Cleopatra: oh my girls, it’s time… (4.16.84-93) #BurningBarge #SlowShakespeare

CW: suicidal ideation

 

CLEOPATRA   How do you, women?

What, what, good cheer! Why, how now, Charmian?

My noble girls! Ah, women, women! Look,

Our lamp is spent, it’s out. Good sirs, take heart;

We’ll bury him, and then what’s brave, what’s noble,

Let’s do’t after the high Roman fashion,

And make death proud to take us. Come, away.

This case of that huge spirit now is cold.

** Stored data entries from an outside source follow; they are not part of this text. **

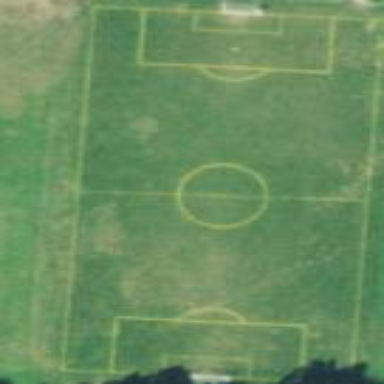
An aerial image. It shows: Soccer pitch for leisureland activities.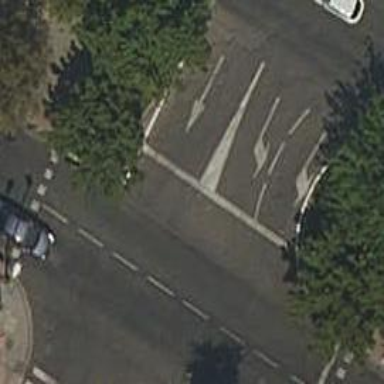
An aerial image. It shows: Road with traffic signals.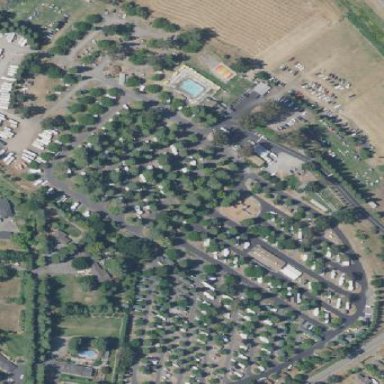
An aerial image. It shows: Campsite where tents and caravans are allowed.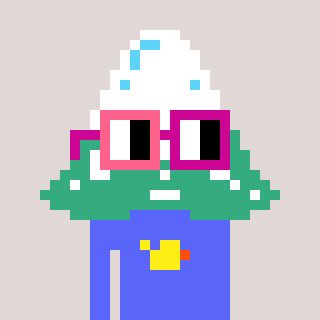
a pixel art character with square pink and red glasses, a snowy mountain-shaped head and a purple-colored body on a warm background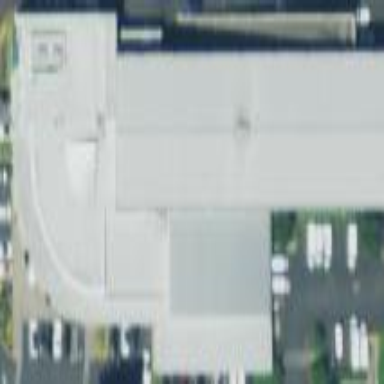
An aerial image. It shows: Building that houses car shop.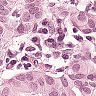
Metastatic tissue present: yes
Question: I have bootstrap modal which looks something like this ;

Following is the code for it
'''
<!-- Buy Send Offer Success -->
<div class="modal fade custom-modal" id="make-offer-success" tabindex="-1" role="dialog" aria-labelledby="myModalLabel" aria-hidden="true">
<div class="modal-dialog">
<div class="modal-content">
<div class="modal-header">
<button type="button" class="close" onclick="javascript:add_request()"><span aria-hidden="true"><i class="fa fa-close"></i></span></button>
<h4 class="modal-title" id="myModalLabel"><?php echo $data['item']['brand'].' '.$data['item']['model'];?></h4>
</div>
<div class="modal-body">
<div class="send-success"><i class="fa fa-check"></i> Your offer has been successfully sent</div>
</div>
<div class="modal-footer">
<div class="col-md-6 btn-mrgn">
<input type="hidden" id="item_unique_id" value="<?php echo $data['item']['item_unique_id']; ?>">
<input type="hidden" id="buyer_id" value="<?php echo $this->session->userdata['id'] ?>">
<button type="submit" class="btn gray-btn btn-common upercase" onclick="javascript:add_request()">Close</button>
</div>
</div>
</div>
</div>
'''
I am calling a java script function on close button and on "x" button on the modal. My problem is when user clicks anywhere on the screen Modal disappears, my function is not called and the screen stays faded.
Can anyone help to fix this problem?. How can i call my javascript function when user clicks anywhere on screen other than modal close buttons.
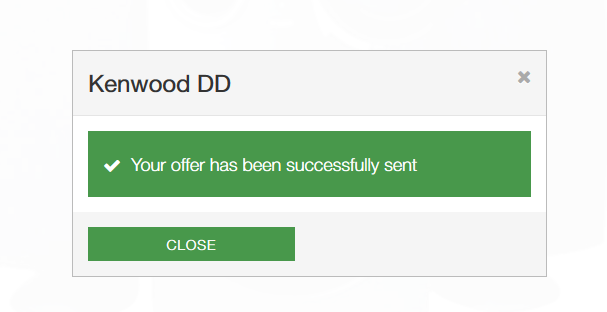
Answer: Instead using the <URL>
'''
$('#make-offer-success').on('hide.bs.modal', function(){
//do your stuff
})
'''
Demo: <URL>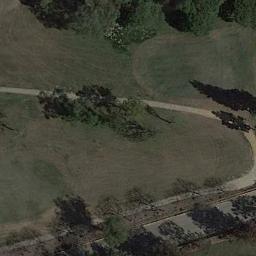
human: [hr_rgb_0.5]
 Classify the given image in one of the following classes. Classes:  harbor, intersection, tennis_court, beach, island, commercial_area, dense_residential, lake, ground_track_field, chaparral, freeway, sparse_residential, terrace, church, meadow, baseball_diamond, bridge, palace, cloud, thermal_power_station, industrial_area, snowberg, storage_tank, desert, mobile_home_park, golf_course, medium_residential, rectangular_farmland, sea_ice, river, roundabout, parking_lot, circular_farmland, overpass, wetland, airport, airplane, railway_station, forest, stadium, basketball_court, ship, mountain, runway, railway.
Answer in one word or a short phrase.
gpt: golf_course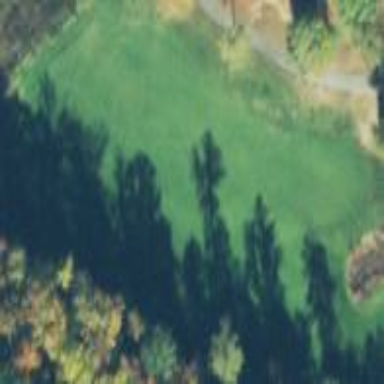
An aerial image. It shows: Grassy area designated as golf fairway.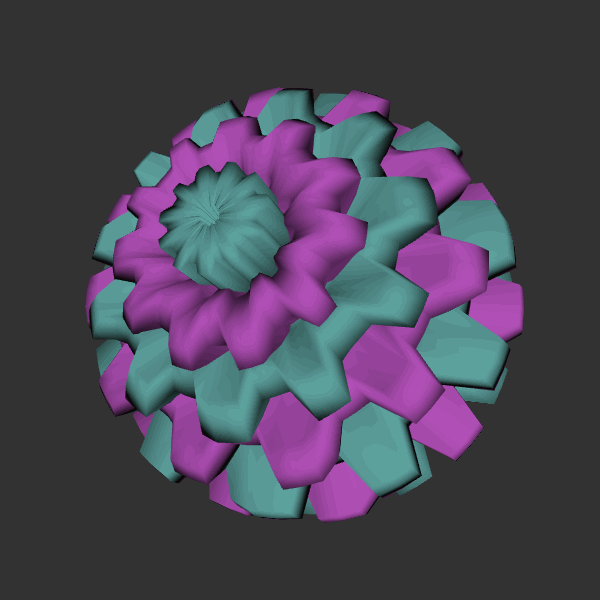
Background: dark

Ah, women, women! Come. We have no friend

But resolution, and the briefest end.

Exeunt bearing off Antony’s body      (4.16.84-93)

 

Cleopatra’s been riffing, at least in part, on what it is to be a woman, ultimately powerless whether a queen or a milkmaid, and now she turns to her own women, her faithful companions and servants, Charmian and Iras. Her friends. How do you, women? How are you? The implication is that they’re weeping: what, what, good cheer! Come on; don’t cry. Why, how now, Charmian? Oh, love. Cleopatra, for once, is full of compassion; she wants to comfort and reassure, even as she’s at rock bottom. My noble girls. Come on, we can do this. (The juxtaposition of noble and girls, the lofty and the familiar, the magnificent and the simply human, is telling here.) They’re her girls, and she’s responsible for them. Ah, women, women. Resignation. This is where we are. Our lamp is spent, it’s out. Antony is the lamp, perhaps, but mostly Cleopatra’s saying, it’s time, and, time’s up. It’s getting dark. Good sirs—not a gendered term in early modern usage; come on, girls, take heart. Courage. We’ll bury him (almost beside the point, what happens to Antony now) and then what’s brave, what’s noble—we too can be brave and noble, even though we’re Egyptian women—and that which is brave and noble here is death—let’s do it after the high Roman fashion, Egyptian women though we be, we too can choose to die by suicide, as stoic as the great Romans. And we’ll make death proud to take us. Defiant, unbowed, glorious. Come, away. We’ve got to go, we’ve got to do this now. Besides, this case of that great spirit now is cold. Antony’s gone, truly gone; this isn’t really him any more. Ah, women, women!My servants—and, all of us, a sisterhood. Come. We have no friend, no one on our side, no one now who will protect us—except resolution, our own firm resolve and courage—and the briefest end. A swift, fearless death, without a moment’s hesitation.

 

Antony’s body has to be carried from the stage, unless there’s a helpful blackout—so once again the women have to lift him up, however awkwardly, lovingly, exhaustedly, tenderly. Antony, redeemed (at least a little) in death, by the soaring, exultant, rhetoric of his lover, and her courage, a performance which is only possible in turn through the support of her women.